# Drawing up Banquet Invoice Question. Tax the Gratuity?



## vic cardenas (Nov 11, 2012)

What is the proper way to draw up an invoice for a banquet?

Am I supposed to be applying sales tax after the service charge is applied or only on the subtotal? 

I have read that some banquet facilities are charging tax on top of the service charge. i.e. Taxable Service Charge...

My current employer is applying sales tax to the subtotal and then applying 18%  service charge on top of that total, which I think is wrong. 

I am in charge of running banquets now for my employer and would like to charge the client the correct amount but obviously would like to charge as little as possible for the tax rate and as much as possible for the service charge, only if it's legal though. Obviously, the way my employer does it now is the best way in that regard but I don't think that is the correct way as far as the tax man is concerned.

This is how I am thinking is the correct way...

For example:

$1000 in food

X 18% Service Charge = $180

= $1180

$1180 X 7.85% Local Tax = $92.63

=$1272.63

This is how my current employer is charging the same event, which I think is incorrect...

$1000 in food 

X 7.85% Local Tax = $78.50

=$1078.50

X 18% Service Charge = $194.13

= $1272.63

Or, are both these wrong and you only apply the percentages to original total?

That's how I used to always think it worked but then I saw how my employer was doing it and I saw that other companies were stating that they charge "taxable service charges". That's where the confusion is.


----------



## chefwriter (Oct 31, 2012)

Contact the local IRS office. I have always found them to be very helpful in answering these questions.


----------



## halb (May 25, 2015)

No, not the IRS. Utah State Tax Commission- http://www.tax.utah.gov/forms/pubs/pub-55.pdf


----------



## ginamiriam (Feb 25, 2005)

In Pa, it is mandatory to charge sales tax on the service charge or gratuity if you are adding it to the bill. If the client is paying staff a gratuity on their own, sales tax does not apply. But the staff receiving the gratuity is supposed to claim that themselves.

So, cost of banquet + service charge + sales tax = Total.

Your state may be different so you need to check laws pertaining to your state.

Gina


----------



## halb (May 25, 2015)

All the information he needs regarding restaurants is right there in pub 55 from his state's tax commission.


----------



## vic cardenas (Nov 11, 2012)

Thank you for the responses!
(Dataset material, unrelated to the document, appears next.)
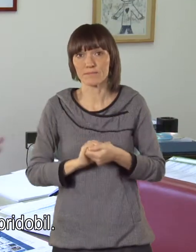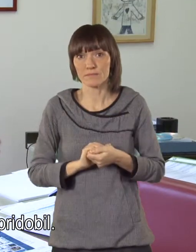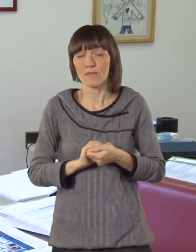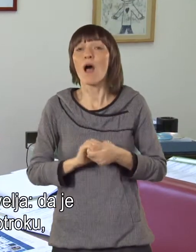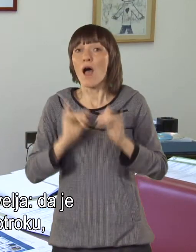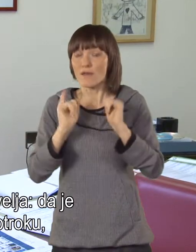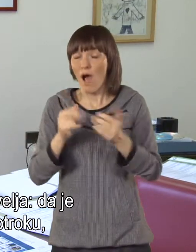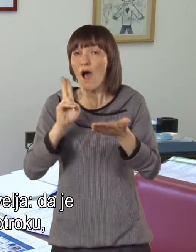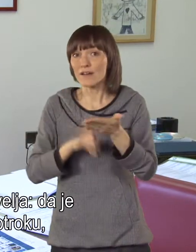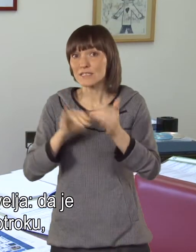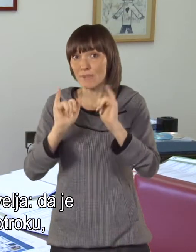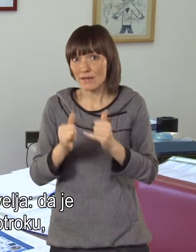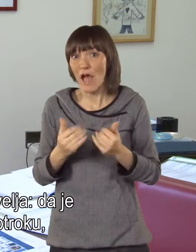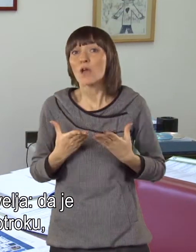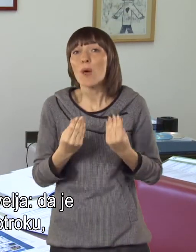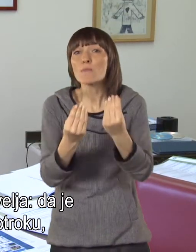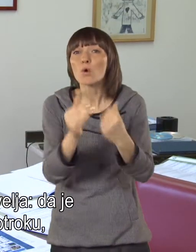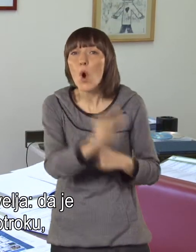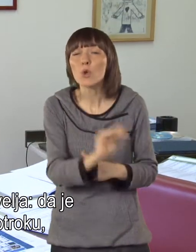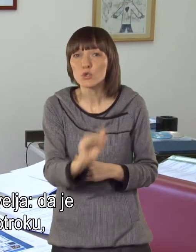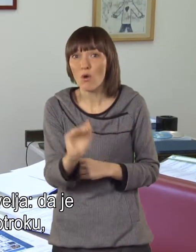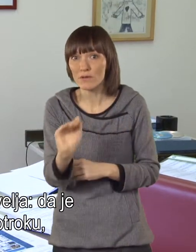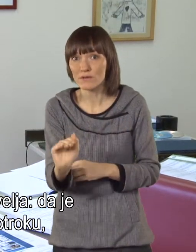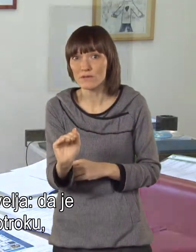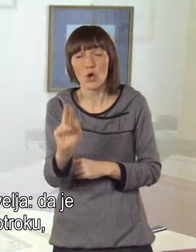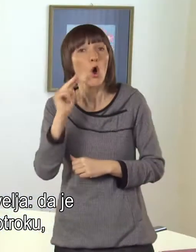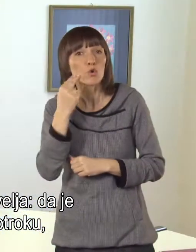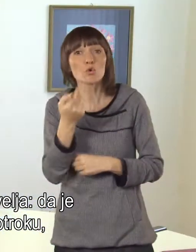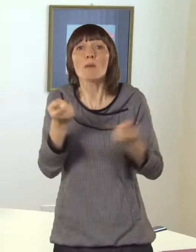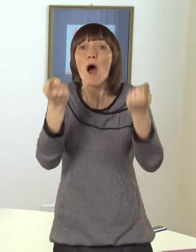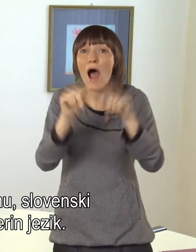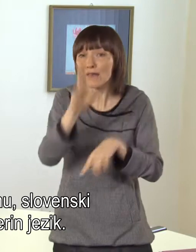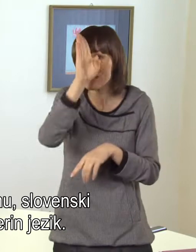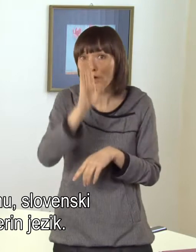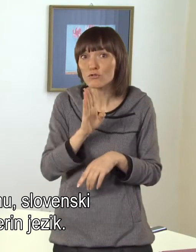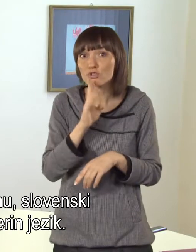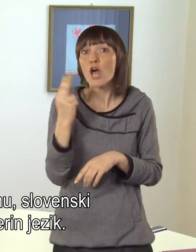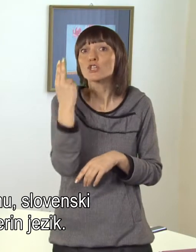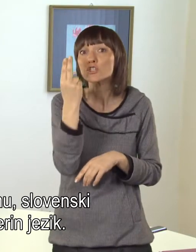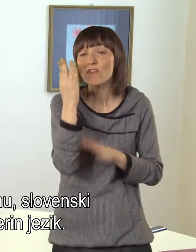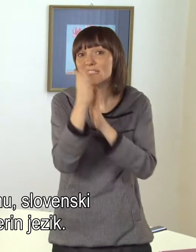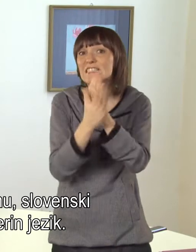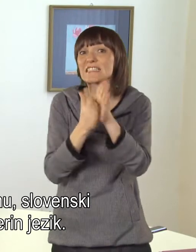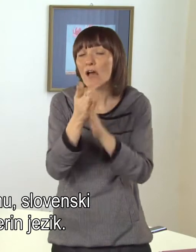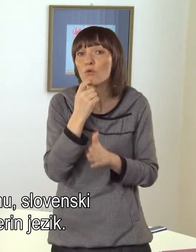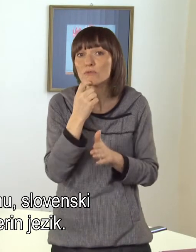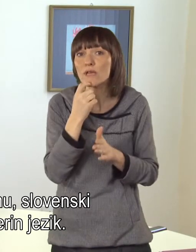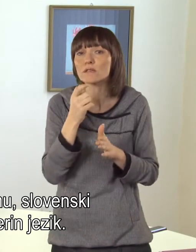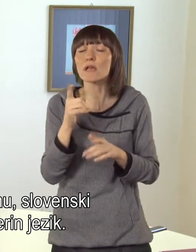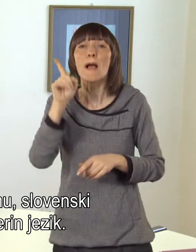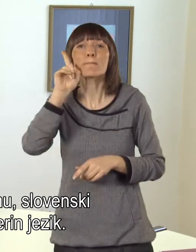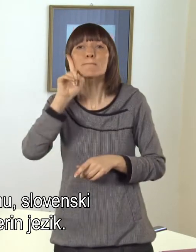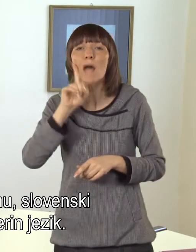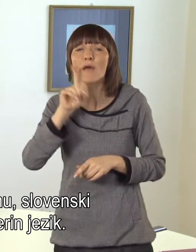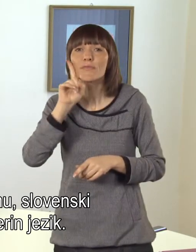Nekaj pa zagotovo velja, da je marsi kateremu otroku, gluhemu in naglušnemu, slovenski znakovni jezik

Thanks for that link, Hal. Not sure why my boss was charging banquets that way all these years??? Glad to see I'm not crazy.


----------



## panini (Jul 28, 2001)

This is how it's done in Texas.

No tax is due on any voluntary gratuity that the customer pays in addition to the price of the meal. No tax is due on a mandatory gratuity of 20 percent or less, provided it is separately and clearly labeled “tip” or “gratuity” on the customer’s bill and distributed only to employees who regularly provide the service. Mandatory gratuities exceeding 20 percent are taxable.


----------